▶ WHAT YOU NEED TO DO
I'd like every entry returned exactly as it is, with the images left out.

▶ DATA RECORDS
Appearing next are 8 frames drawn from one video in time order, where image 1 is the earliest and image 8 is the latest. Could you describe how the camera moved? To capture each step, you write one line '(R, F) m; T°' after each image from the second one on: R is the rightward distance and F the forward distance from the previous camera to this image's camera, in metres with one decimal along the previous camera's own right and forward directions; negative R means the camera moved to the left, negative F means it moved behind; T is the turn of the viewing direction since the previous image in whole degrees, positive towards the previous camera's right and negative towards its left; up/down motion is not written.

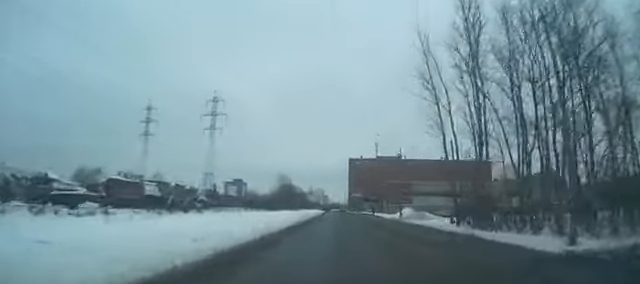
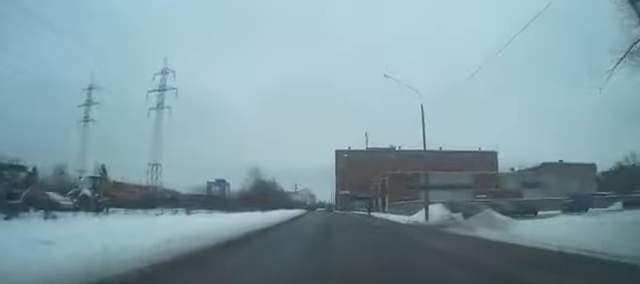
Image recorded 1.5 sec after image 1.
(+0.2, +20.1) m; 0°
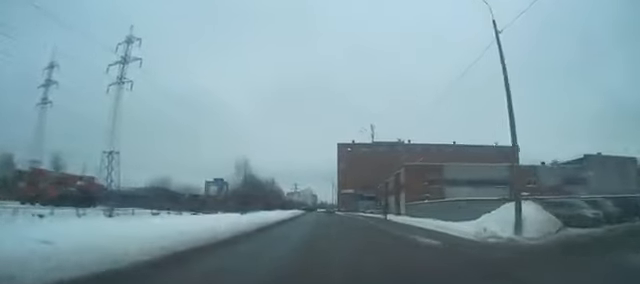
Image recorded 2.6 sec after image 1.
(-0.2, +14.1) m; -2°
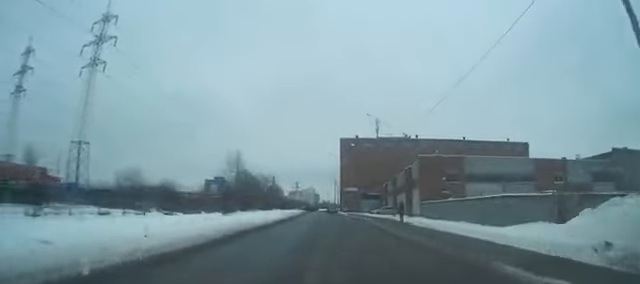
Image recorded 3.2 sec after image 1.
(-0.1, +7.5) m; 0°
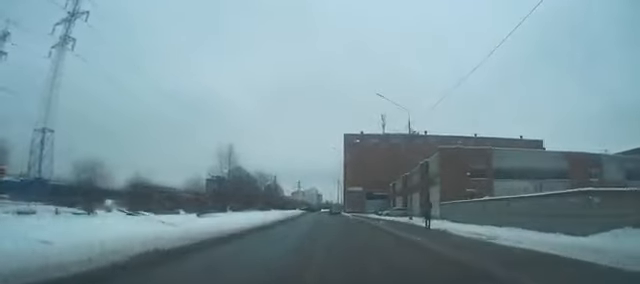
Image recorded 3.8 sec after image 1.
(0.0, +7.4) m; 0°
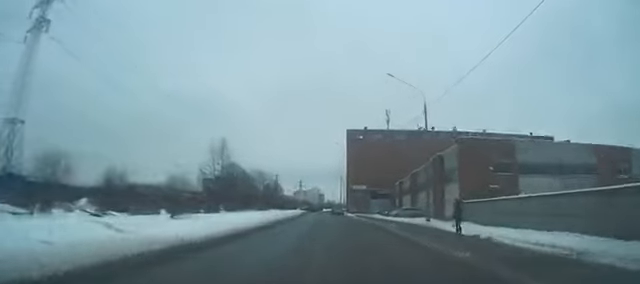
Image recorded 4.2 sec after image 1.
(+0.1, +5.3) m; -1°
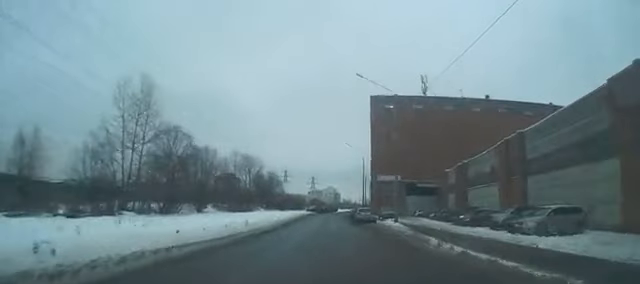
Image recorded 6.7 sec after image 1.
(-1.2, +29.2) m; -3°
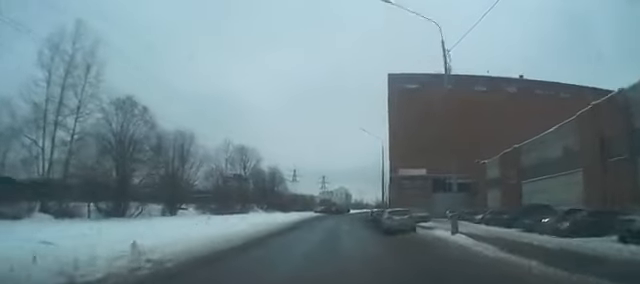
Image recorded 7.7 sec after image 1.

▶ RESULT BELOW
Appearing next are 8 frames drawn from one video in time order, where image 1 is the earliest and image 8 is the latest. Could you describe how the camera moved? To capture each step, you write one line '(R, F) m; T°' after each image from the second one on: R is the rightward distance and F the forward distance from the previous camera to this image's camera, in metres with one decimal along the previous camera's own right and forward directions; negative R means the camera moved to the left, negative F means it moved behind; T is the turn of the viewing direction since the previous image in whole degrees, positive towards the previous camera's right and negative towards its left; up/down motion is not written.

Image recorded 1.5 sec after image 1.
(+0.2, +20.1) m; 0°
Image recorded 2.6 sec after image 1.
(-0.2, +14.1) m; -2°
Image recorded 3.2 sec after image 1.
(-0.1, +7.5) m; 0°
Image recorded 3.8 sec after image 1.
(0.0, +7.4) m; 0°
Image recorded 4.2 sec after image 1.
(+0.1, +5.3) m; -1°
Image recorded 6.7 sec after image 1.
(-1.2, +29.2) m; -3°
Image recorded 7.7 sec after image 1.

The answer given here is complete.